YOUR INSTRUCTIONS
All that is needed is the run of lines from the top of the entries to the line with "The image shows 41", that line included, repeated exactly and free of pictures.

══ DATASET RECORDS ══

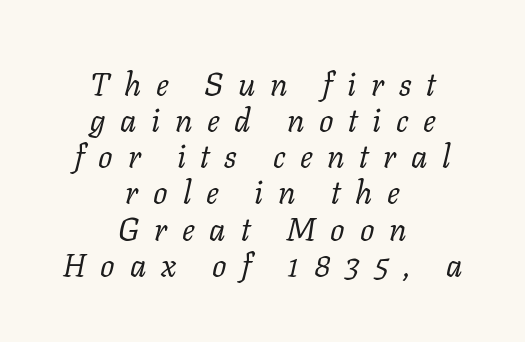
Look at the tracking — it's clearly loosened, letters drifting apart. Anything drawn beneath the words? Only blank space. Heft: none added — not bold. Summary of vertical rhythm: compact, with narrow interline spacing. Stroke terminals: seriffed. A typesetter would mark this as italic.
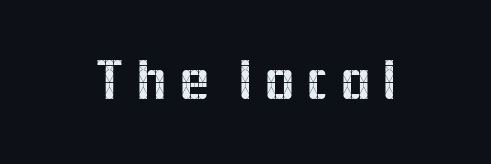
Q: Is the text italic (slanted)? A: No, it is upright.
Q: Is the typeface a serif or a sans-serif typeface? A: Sans-serif.
Q: Is the text underlined? A: No.
Q: Width (condensed, normal, or wide)? A: Normal.
Q: x-height? A: Medium.
Q: Monospaced? A: No.
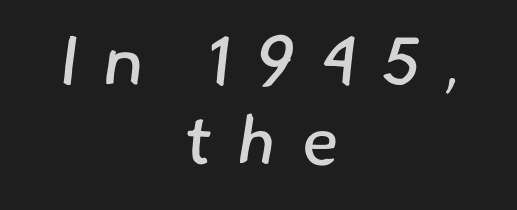
{"serif": "no", "bold": "no", "weight": "regular", "width": "normal", "stroke_contrast": "low", "x_height": "small", "monospaced": "no", "underline": "no", "align": "center", "line_spacing": "tight", "line_spacing_ratio": 1.15, "letter_spacing": "wide", "letter_spacing_em": 0.37, "glyph_px": 69}
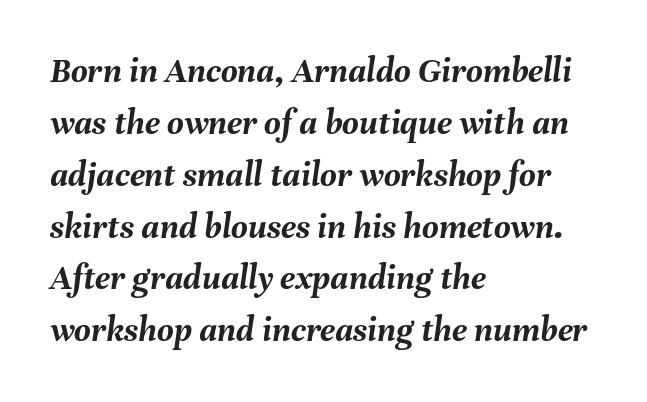
The line-height multiplier appears to be the usual default. Has an underline been added? It has not. Rendered with sloped, italic letterforms. Think of a printed novel: that variable character pitch is what you see here. Bold? Absolutely — the strokes are thick and heavy.
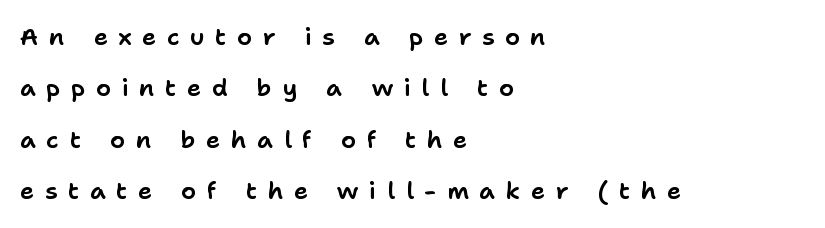
Q: Is the text italic (slanted)? A: No, it is upright.
Q: Is the text underlined? A: No.
Q: How is the paragraph aligned? A: Left-aligned.
Q: Is the spacing between letters normal or unusually wide? A: Unusually wide.
Q: Is the spacing between lines tight, normal or loose? A: Loose.
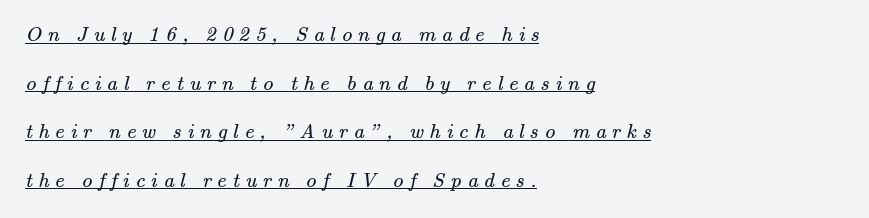
Q: Is the text bold? A: No.
Q: Is the text underlined? A: Yes.
Q: How is the paragraph aligned? A: Left-aligned.
Q: Is the spacing between letters normal or unusually wide? A: Unusually wide.
Q: Is the spacing between lines tight, normal or loose? A: Loose.
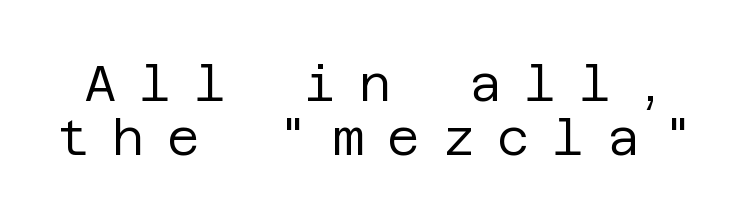
The block of text is dense from top to bottom, with scant space between rows. A light-to-regular cut is what we see here. Does the lettering tilt? It doesn't — this is upright. Unlike a traditional serif, this face leaves its strokes unadorned. The area under the type is left untouched. Tracking value appears strongly positive — letters spread wide.
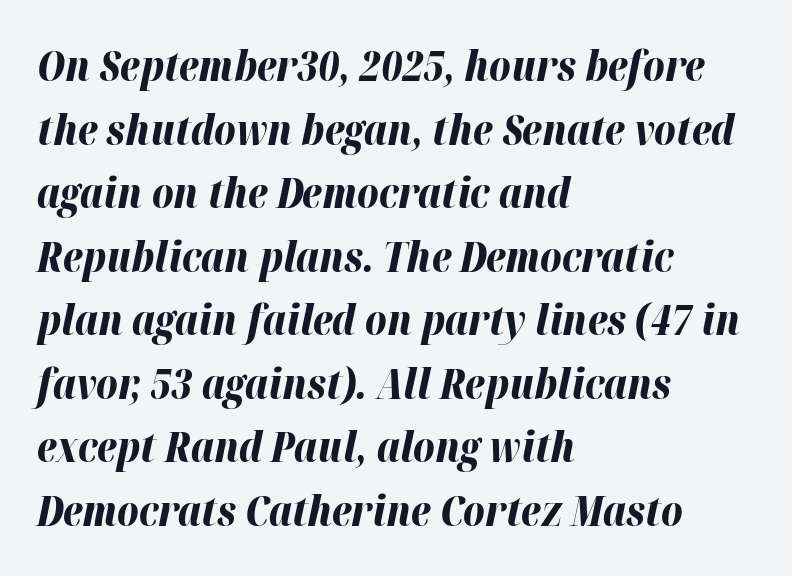
The image shows 41 px bold type, italic (leaning right); set left-aligned, normal line spacing (1.55x), normal letter spacing, not underlined; high stroke contrast and a medium x-height.
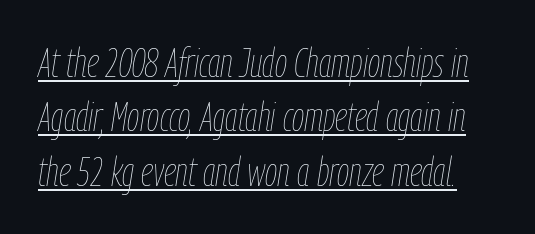
{"italic": "yes", "lean": "right", "slant_degrees": 9, "bold": "no", "weight": "thin", "width": "condensed", "stroke_contrast": "low", "x_height": "medium", "monospaced": "no", "underline": "yes", "line_spacing": "normal", "line_spacing_ratio": 1.36, "letter_spacing": "normal", "letter_spacing_em": 0.0, "glyph_px": 40}
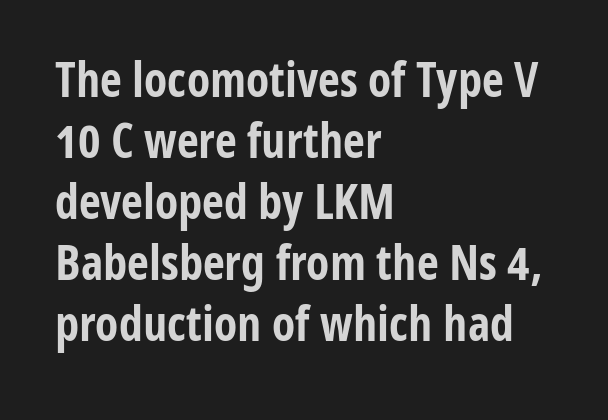
The image shows 48 px bold, condensed sans-serif type, upright; set left-aligned, normal line spacing (1.27x), normal letter spacing, not underlined; low stroke contrast and a medium x-height.
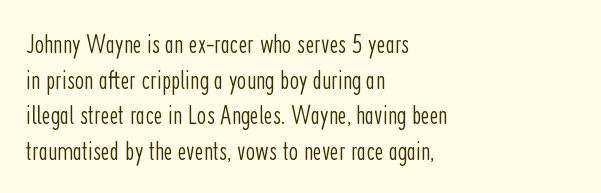
Notice how descenders clear the ascenders below comfortably — that's standard leading. Rule under the text: the space is simply empty. This rendering uses left alignment, leaving the right contour irregular. The type sits square on the baseline with zero lean. The font sits on the lighter half of the weight spectrum, regular included. The gaps between neighbouring characters are ordinary and unremarkable.
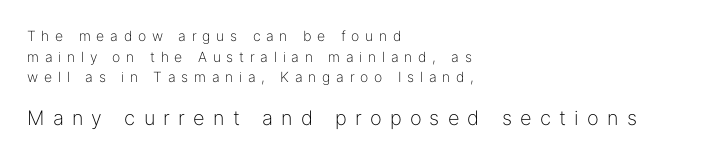
Q: Is the text bold? A: No.
Q: Is the text italic (slanted)? A: No, it is upright.
Q: Is the text underlined? A: No.
Q: How is the paragraph aligned? A: Left-aligned.
Q: Is the spacing between letters normal or unusually wide? A: Unusually wide.
Q: Is the spacing between lines tight, normal or loose? A: Normal.
Q: Which block of text is set in a larger size, the first (top) or the second (bottom)? A: The second (bottom) one.
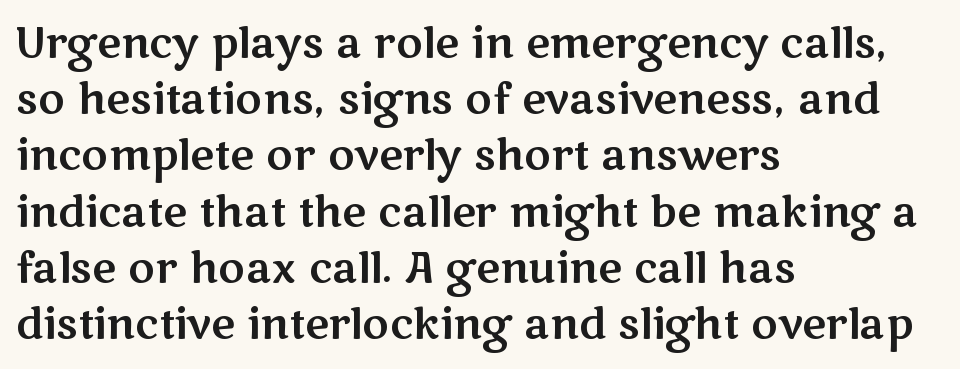
Q: Is the text italic (slanted)? A: No, it is upright.
Q: Is the typeface a serif or a sans-serif typeface? A: Sans-serif.
Q: Is the text underlined? A: No.
Q: How is the paragraph aligned? A: Left-aligned.
Q: Is the spacing between letters normal or unusually wide? A: Normal.
Q: Is the spacing between lines tight, normal or loose? A: Normal.
Q: Width (condensed, normal, or wide)? A: Wide.
Q: Stroke contrast? A: Medium.
Q: x-height? A: Medium.
Q: Monospaced? A: No.
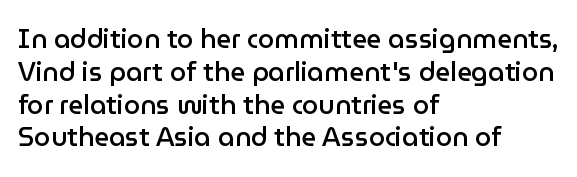
The image shows 26 px text type, upright; set left-aligned, normal line spacing (1.26x), normal letter spacing, not underlined.
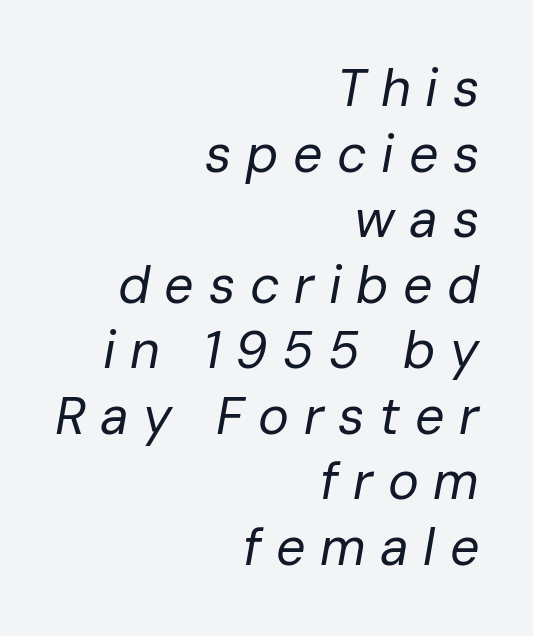
Slant detected: the letters are inclined. Stems here are at most as thick as an everyday book face. The passage shown is typed in a proportional face where columns would drift. The zone under the glyphs is completely vacant.
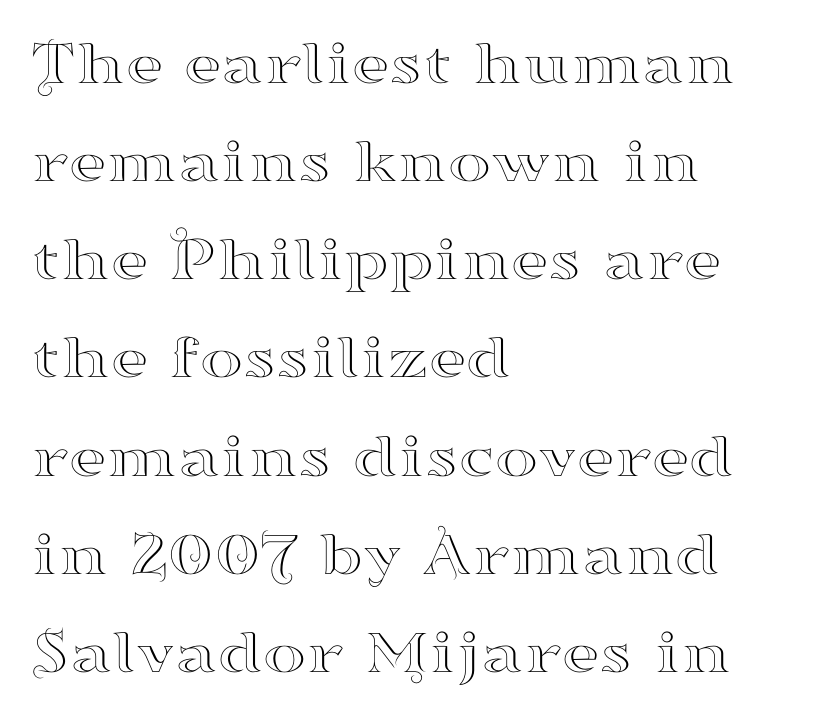
The image shows 65 px wide serif type, upright; set left-aligned, normal line spacing (1.51x), normal letter spacing, not underlined; high stroke contrast and a small x-height.
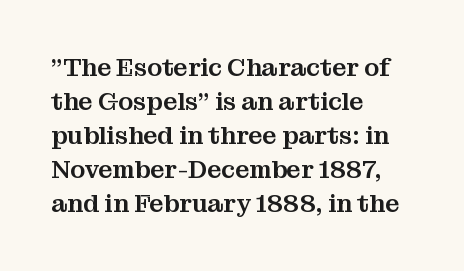
The image shows 25 px text type, upright; set left-aligned, normal line spacing (1.36x), normal letter spacing, not underlined.
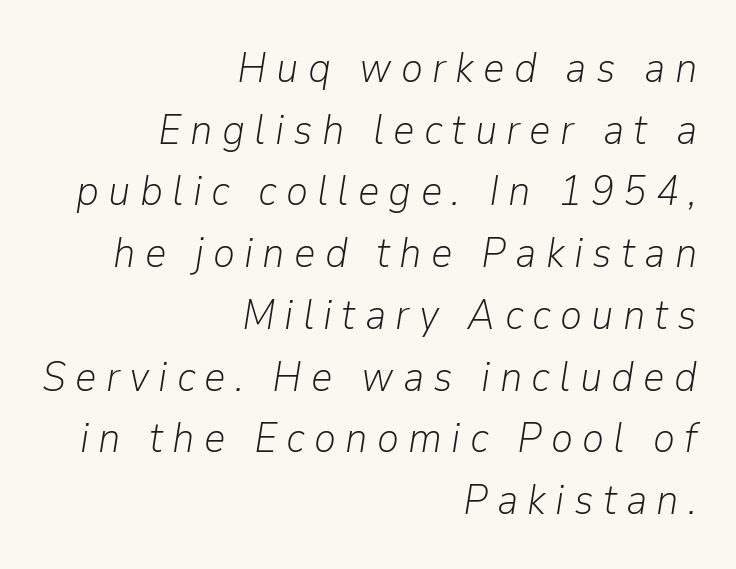
{"italic": "yes", "lean": "right", "slant_degrees": 9, "bold": "no", "weight": "light", "width": "normal", "stroke_contrast": "low", "x_height": "medium", "monospaced": "no", "underline": "no", "align": "right", "line_spacing": "normal", "line_spacing_ratio": 1.47, "letter_spacing": "wide", "letter_spacing_em": 0.22, "glyph_px": 42}
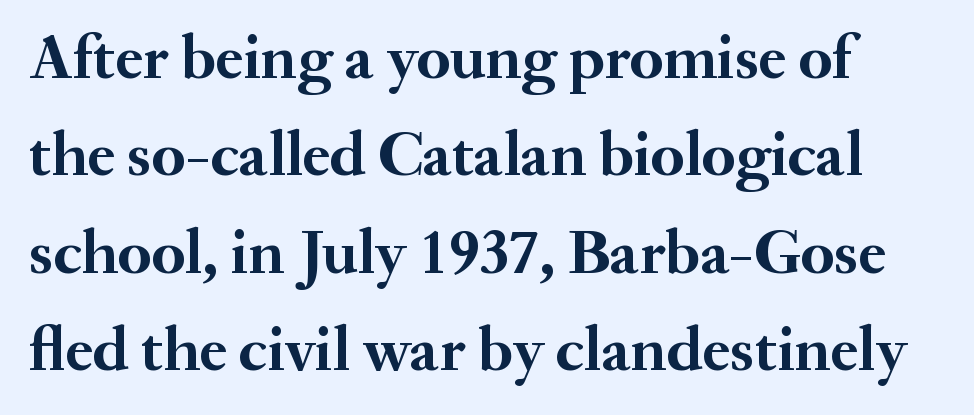
These lines were composed using upright roman letters. Check under the words: just untouched page. Is there much room between lines? A standard amount, neither cramped nor airy. Proportional: the letters do not fall into vertical columns. Strong, thick strokes mark this as bold type. Little horizontal feet cap the strokes, marking this as serif type.
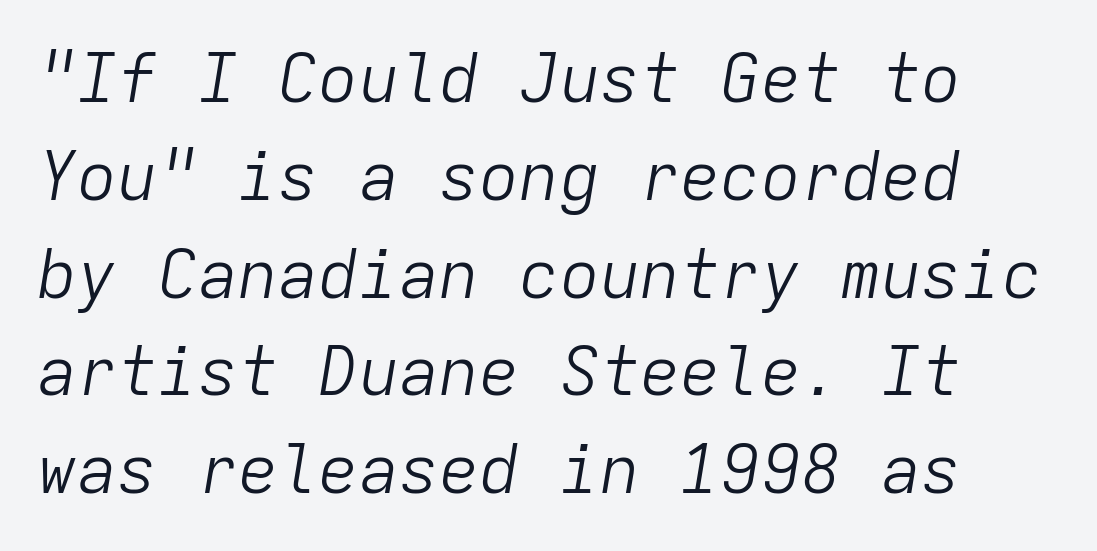
Q: Is the text bold? A: No.
Q: Is the text italic (slanted)? A: Yes, it leans right by about 9 degrees.
Q: Is the text underlined? A: No.
Q: Is the spacing between letters normal or unusually wide? A: Normal.
Q: Is the spacing between lines tight, normal or loose? A: Normal.
Q: Width (condensed, normal, or wide)? A: Normal.
Q: Stroke contrast? A: Low.
Q: x-height? A: Medium.
Q: Monospaced? A: Yes.
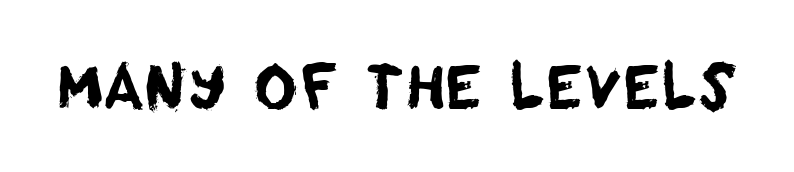
Here the designer chose a conventional face with non-uniform glyph widths. Look at the bottom of the vertical strokes: they stop flat, with no serifs. Nobody drew a line under any word here. How are the letters spaced? Ordinarily, with no added tracking.
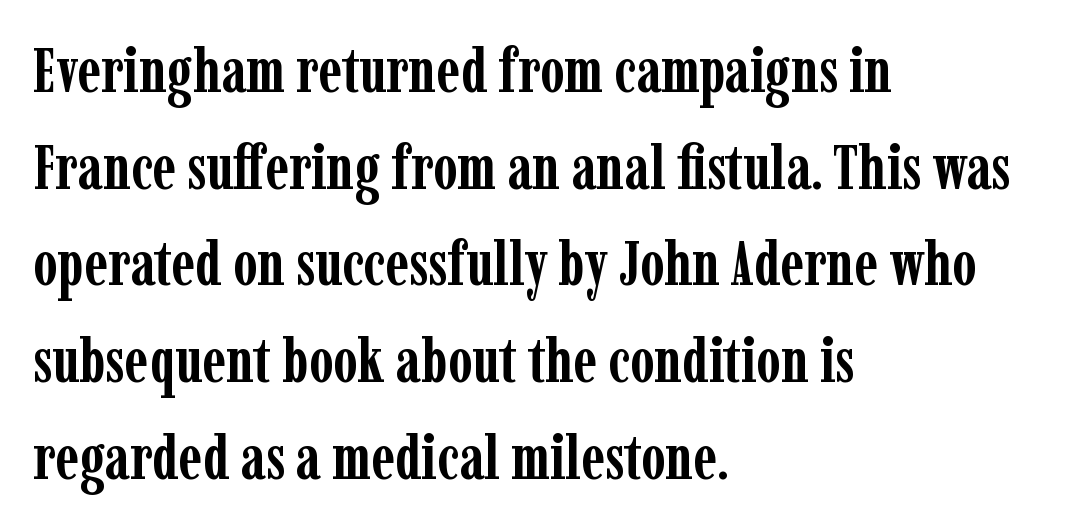
Q: Is the text bold? A: Yes.
Q: Is the text italic (slanted)? A: No, it is upright.
Q: Is the typeface a serif or a sans-serif typeface? A: Serif.
Q: Is the text underlined? A: No.
Q: How is the paragraph aligned? A: Left-aligned.
Q: Is the spacing between letters normal or unusually wide? A: Normal.
Q: Is the spacing between lines tight, normal or loose? A: Normal.
Q: Width (condensed, normal, or wide)? A: Condensed.
Q: Stroke contrast? A: Low.
Q: x-height? A: Medium.
Q: Monospaced? A: No.
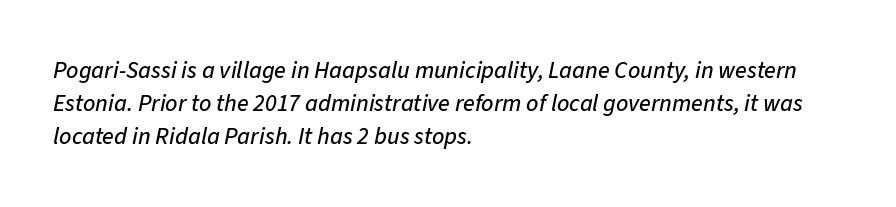
The zone under the glyphs is completely vacant. The paragraph shown leans on its left margin. The text carries the slant typical of an italic or oblique font. Summary of vertical rhythm: regular, with standard interline spacing. The horizontal fit of the characters is conventional and even.
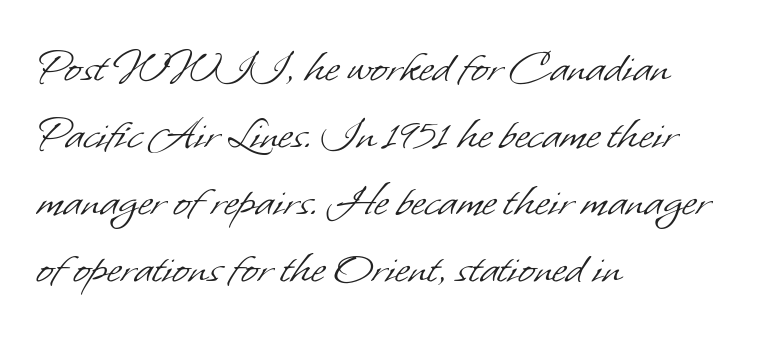
Underlining? Definitely not there. Typeset ragged right — the left edge is the straight one. No chunkiness to these letters — they're not bold. Nobody touched the tracking dial on this one.

═══

OUTPUT OF THE TASK
Look at the tracking — it's clearly loosened, letters drifting apart. Anything drawn beneath the words? Only blank space. Heft: none added — not bold. Summary of vertical rhythm: compact, with narrow interline spacing. Stroke terminals: seriffed. A typesetter would mark this as italic.
Q: Is the text italic (slanted)? A: No, it is upright.
Q: Is the typeface a serif or a sans-serif typeface? A: Sans-serif.
Q: Is the text underlined? A: No.
Q: Width (condensed, normal, or wide)? A: Normal.
Q: x-height? A: Medium.
Q: Monospaced? A: No.
{"serif": "no", "bold": "no", "weight": "regular", "width": "normal", "stroke_contrast": "low", "x_height": "small", "monospaced": "no", "underline": "no", "align": "center", "line_spacing": "tight", "line_spacing_ratio": 1.15, "letter_spacing": "wide", "letter_spacing_em": 0.37, "glyph_px": 69}
The line-height multiplier appears to be the usual default. Has an underline been added? It has not. Rendered with sloped, italic letterforms. Think of a printed novel: that variable character pitch is what you see here. Bold? Absolutely — the strokes are thick and heavy.
Q: Is the text italic (slanted)? A: No, it is upright.
Q: Is the text underlined? A: No.
Q: How is the paragraph aligned? A: Left-aligned.
Q: Is the spacing between letters normal or unusually wide? A: Unusually wide.
Q: Is the spacing between lines tight, normal or loose? A: Loose.
Q: Is the text bold? A: No.
Q: Is the text underlined? A: Yes.
Q: How is the paragraph aligned? A: Left-aligned.
Q: Is the spacing between letters normal or unusually wide? A: Unusually wide.
Q: Is the spacing between lines tight, normal or loose? A: Loose.
The block of text is dense from top to bottom, with scant space between rows. A light-to-regular cut is what we see here. Does the lettering tilt? It doesn't — this is upright. Unlike a traditional serif, this face leaves its strokes unadorned. The area under the type is left untouched. Tracking value appears strongly positive — letters spread wide.
The image shows 41 px bold type, italic (leaning right); set left-aligned, normal line spacing (1.55x), normal letter spacing, not underlined; high stroke contrast and a medium x-height.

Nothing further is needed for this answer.